Born on the Five Wells Ranch, in Andrews County, this consummate Texas writer has authored almost fifty books and been voted the greatest western writer of all time by his peers. Sandhills Boy: The Winding Trail of a Texas Writer is a thoughtful look back at 81 years on earth.

You grew up surrounded by cowboys. Were you tempted to make your living as a ranch hand? I always wanted to be a good hand, but from the first, I seemed to be lacking in the essential cowboy skills. Had I been better at it, I might have been content to make it my life’s work.

How has the cowboying you witnessed influenced the cowboying you write about? When a story calls for it, I can describe the work accurately, because I usually have done it or at least tried to. There is no substitute for hands-on experience, even if it involves pain.

You’re a dyed-in-the-wool Texan. Have your travels changed your perspective on your home state? I believe traveling helps me look at Texas through fresh eyes. Traveling to other countries, beautiful though they may be, gives me a chance to compare. In terms of freedom, opportunity, and yes, tolerance, I find this country well out in front of anywhere else I have seen.

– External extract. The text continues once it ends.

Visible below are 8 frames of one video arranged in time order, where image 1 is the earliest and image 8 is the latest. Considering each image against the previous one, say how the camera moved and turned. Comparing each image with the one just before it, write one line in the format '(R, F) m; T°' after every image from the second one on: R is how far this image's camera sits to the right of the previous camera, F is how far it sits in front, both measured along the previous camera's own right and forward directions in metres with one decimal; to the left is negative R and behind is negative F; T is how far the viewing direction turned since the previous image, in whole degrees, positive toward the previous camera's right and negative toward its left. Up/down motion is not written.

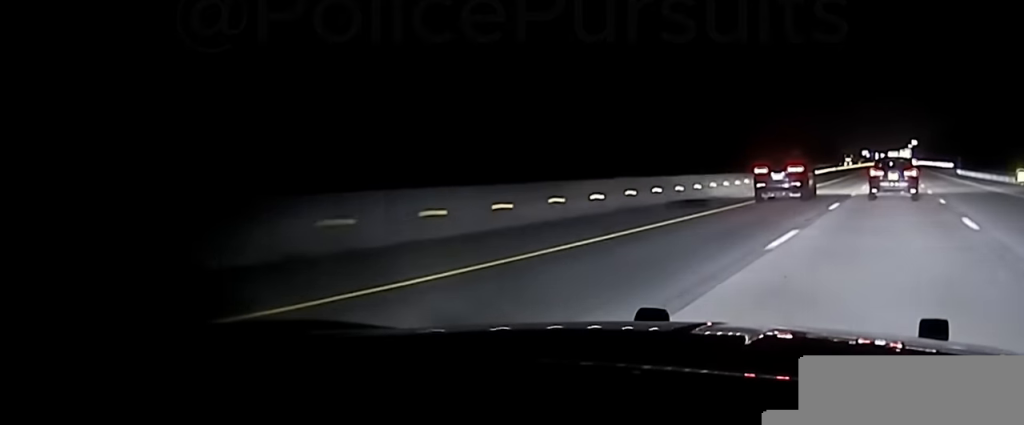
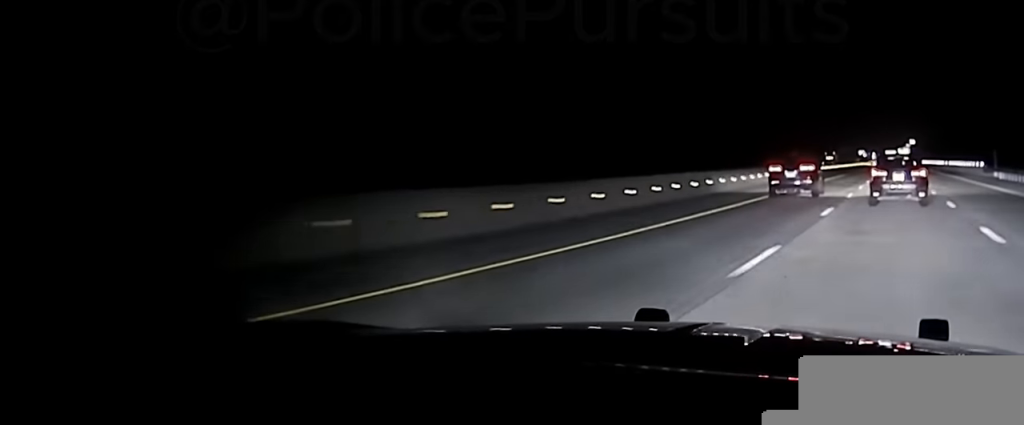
(+0.3, +49.2) m; 0°
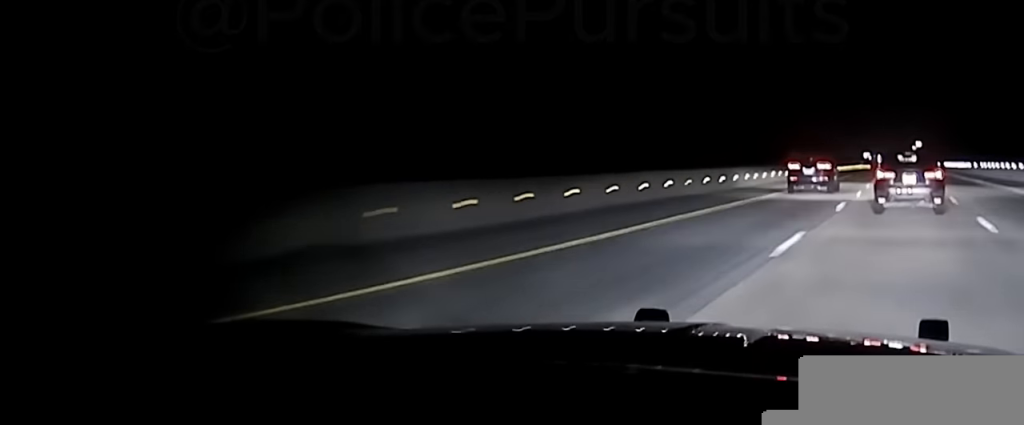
(-0.4, +41.7) m; -1°
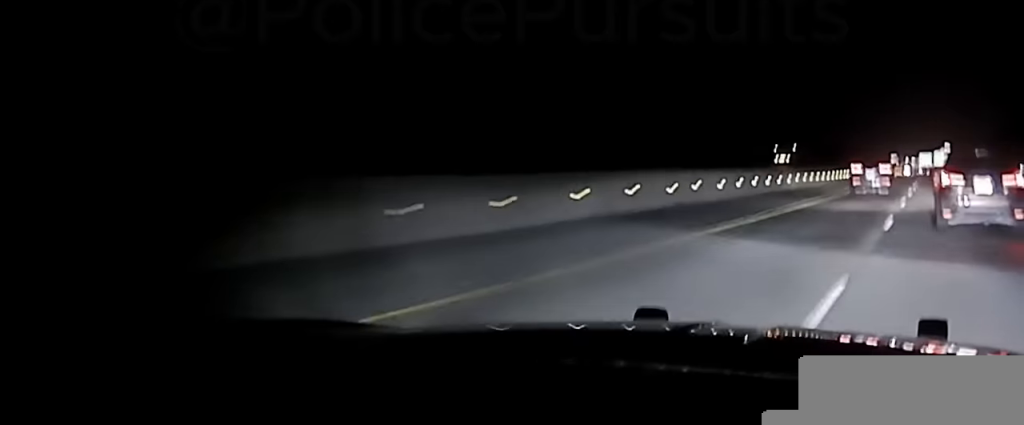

Tell us a bit about how your World War II military service in Europe changed your life . . . Military service brought many changes in my life. For one thing, it took me to places I would otherwise never have seen and introduced me to people from many parts of the world. It vastly broadened my world view, for I had never been out of Texas before. It taught me that at the basic human level where we all live, we are very much alike no matter our language, our politics, our religion.

It taught me tolerance for people unlike myself. The hardships taught me that I was stronger than I had ever thought, and they taught me not to “sweat the small stuff,” to see life from a broader perspective.

Lastly and most important, military service carried me to Austria, where I met the girl with whom I have spent sixty years of my life.

Has the Western genre changed over the course of your career? Today’s better westerns tend to emphasize character more and action less. There is less interest in the make of the pistol the character shoots and more interest in why he fires it.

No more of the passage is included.